视频地址:http://mpvideo.qpic.cn/0bc3ueaacaaagqalujrtqfrvbiodagqqaaia.f10002.mp4?
代码:
library(TCGAbiolinks)
library(reshape2)
library(ggplot2)
library(ggpubr)
library(ggrepel)
library(RColorBrewer)
FilePath <- dir("H:/MedBioInfoCloud/analysis/TCGA/new/processedTCGAdata/TCGA-miRNA_Isoform_Exp",
"Isoform_Expression_data.Rdata$",
full.names = T)
mirs <- c("hsa-miR-5590-3p","hsa-miR-142-5p","hsa-let-7f-5p")
opt <- "output/002-miR_ExpInNorAndTur/"
record_files <- dir(opt,".txt$",full.names = T)
ifelse(length(record_files)>0,file.remove(record_files),
"There is no record file that can be removed")
source("H:/MedBioInfoCloud/analysis/TCGA/new/00-fun/filterGeneTypeExpr.R")
source("H:/MedBioInfoCloud/analysis/TCGA/new/00-fun/del_dup_sample.R")
###TCGA数据库中33中癌症类型
project <- getGDCprojects()$project_id
project <- project[grep("TCGA-",project)]
# proj = "TCGA-BLCA"
norn <- 10 #正常样本数最小数量
geneexpdata <- data.frame()
for(proj in project){
message(proj)
load(FilePath[grep(proj,FilePath)])#
rpm <- miRNA_data[["RPM"]]
conmirs <- intersect(rownames(rpm),mirs)
if(length(conmirs)> 0){
##正常组织样本
SamN <- TCGAquery_SampleTypes(barcode = colnames(rpm),
typesample = c("NT","NB","NBC","NEBV","NBM"))
if(length(SamN)>= norn){
##肿瘤组织样本
SamT <- setdiff(colnames(rpm),SamN)
# dim(rpm[,SamT])
#过滤重复样本
nor_exp = del_dup_sample(rpm[,sort(SamN)],col_rename = T)

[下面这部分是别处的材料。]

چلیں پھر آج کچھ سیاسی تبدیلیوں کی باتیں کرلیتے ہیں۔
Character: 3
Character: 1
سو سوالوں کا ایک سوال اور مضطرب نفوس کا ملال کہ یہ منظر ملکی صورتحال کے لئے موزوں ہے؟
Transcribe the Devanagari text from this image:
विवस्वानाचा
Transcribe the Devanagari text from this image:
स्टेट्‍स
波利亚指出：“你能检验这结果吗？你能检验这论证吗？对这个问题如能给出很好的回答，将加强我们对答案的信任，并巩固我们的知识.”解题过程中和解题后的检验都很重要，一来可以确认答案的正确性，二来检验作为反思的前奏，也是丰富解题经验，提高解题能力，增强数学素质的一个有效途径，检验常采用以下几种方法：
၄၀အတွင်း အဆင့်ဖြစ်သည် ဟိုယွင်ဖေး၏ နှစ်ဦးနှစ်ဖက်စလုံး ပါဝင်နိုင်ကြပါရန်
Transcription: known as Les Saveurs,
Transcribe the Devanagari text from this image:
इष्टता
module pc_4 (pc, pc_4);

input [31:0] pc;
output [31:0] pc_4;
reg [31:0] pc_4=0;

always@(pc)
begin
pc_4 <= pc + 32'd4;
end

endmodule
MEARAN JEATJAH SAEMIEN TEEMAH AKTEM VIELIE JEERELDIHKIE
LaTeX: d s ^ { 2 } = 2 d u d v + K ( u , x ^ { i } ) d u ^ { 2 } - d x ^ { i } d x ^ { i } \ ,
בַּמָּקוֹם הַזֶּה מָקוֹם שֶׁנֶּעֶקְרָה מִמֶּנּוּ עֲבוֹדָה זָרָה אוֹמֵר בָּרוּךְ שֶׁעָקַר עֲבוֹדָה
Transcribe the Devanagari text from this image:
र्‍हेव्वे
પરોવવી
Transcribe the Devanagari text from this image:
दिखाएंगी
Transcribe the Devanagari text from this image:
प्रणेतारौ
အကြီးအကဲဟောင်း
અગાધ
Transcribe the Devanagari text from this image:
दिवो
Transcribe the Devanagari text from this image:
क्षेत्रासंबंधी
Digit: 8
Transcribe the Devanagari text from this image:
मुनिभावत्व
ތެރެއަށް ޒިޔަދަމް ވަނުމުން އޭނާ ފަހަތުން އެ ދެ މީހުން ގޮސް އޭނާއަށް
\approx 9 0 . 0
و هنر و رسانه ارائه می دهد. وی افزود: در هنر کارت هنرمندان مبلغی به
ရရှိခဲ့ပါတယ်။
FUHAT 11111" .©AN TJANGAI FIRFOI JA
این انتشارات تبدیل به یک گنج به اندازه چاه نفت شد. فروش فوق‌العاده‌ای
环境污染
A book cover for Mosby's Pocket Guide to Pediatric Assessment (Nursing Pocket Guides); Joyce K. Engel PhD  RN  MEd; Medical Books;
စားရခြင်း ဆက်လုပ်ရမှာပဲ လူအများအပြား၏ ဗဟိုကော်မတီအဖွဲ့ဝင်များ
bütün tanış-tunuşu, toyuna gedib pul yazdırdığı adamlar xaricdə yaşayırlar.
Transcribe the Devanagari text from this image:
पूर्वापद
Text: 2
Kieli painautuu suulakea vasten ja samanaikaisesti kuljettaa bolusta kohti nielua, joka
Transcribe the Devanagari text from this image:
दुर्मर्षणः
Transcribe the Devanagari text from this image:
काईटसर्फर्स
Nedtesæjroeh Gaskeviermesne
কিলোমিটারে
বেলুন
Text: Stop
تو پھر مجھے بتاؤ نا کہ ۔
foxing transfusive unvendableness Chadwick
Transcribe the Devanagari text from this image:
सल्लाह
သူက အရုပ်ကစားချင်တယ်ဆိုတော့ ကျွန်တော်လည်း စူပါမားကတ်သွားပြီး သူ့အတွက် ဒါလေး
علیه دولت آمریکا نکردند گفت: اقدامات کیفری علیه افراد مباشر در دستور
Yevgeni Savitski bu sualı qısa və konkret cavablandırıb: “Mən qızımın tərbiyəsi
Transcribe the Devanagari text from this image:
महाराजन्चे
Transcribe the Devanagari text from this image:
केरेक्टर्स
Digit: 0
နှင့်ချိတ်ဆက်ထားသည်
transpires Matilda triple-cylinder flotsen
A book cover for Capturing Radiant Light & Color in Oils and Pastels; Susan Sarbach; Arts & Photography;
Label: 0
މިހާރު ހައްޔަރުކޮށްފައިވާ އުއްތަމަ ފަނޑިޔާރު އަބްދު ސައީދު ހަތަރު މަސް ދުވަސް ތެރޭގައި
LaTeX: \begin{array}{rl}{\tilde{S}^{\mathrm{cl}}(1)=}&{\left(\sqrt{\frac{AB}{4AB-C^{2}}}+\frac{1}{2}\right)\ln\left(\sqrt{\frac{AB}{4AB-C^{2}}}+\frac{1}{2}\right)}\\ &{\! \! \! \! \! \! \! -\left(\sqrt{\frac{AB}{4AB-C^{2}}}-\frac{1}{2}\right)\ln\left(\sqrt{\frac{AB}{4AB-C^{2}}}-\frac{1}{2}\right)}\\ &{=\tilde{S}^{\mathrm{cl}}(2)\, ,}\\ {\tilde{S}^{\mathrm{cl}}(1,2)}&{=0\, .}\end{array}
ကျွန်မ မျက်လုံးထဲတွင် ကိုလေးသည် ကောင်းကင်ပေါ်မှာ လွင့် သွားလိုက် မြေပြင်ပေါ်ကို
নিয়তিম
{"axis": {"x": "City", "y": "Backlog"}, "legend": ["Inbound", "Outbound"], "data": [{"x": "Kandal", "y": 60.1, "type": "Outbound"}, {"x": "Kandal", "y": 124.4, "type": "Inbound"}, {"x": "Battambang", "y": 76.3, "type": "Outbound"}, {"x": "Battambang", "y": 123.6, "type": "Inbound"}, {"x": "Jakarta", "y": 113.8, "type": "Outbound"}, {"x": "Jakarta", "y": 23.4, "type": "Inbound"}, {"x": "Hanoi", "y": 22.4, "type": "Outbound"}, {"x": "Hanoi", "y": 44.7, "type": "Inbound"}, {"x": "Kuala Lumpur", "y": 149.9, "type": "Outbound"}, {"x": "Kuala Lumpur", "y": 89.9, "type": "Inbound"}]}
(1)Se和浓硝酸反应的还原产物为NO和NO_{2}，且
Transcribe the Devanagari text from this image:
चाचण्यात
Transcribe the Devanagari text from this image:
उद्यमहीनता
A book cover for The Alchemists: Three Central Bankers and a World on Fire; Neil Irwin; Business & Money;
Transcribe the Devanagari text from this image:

tur_exp = del_dup_sample(rpm[,sort(SamT)],col_rename = T)
###============非配对样本==
##构建数据框
nor_gsExp <- log2(data.frame(nor_exp[conmirs,],check.names = T) + 1) %>% t() %>%
as.data.frame() %>% mutate(Sample = rep(paste0("Normal(n=",ncol(nor_exp),")"),ncol(nor_exp)),
.before = 1)%>% melt(id.vars = "Sample")
tur_gsExp <- log2(data.frame(tur_exp[conmirs,],check.names = T) + 1) %>% t() %>%
as.data.frame() %>% mutate(Sample = rep(paste0("Tumor(n=",ncol(tur_exp),")"),ncol(tur_exp)),
.before = 1)%>% melt(id.vars = "Sample")
data <- rbind(nor_gsExp,tur_gsExp)
head(data)
colnames(data) <- c("Sample","miR","exp")
compaired <- list(unique(data$Sample))
data <- mutate(data,cancer = proj,.before = 1)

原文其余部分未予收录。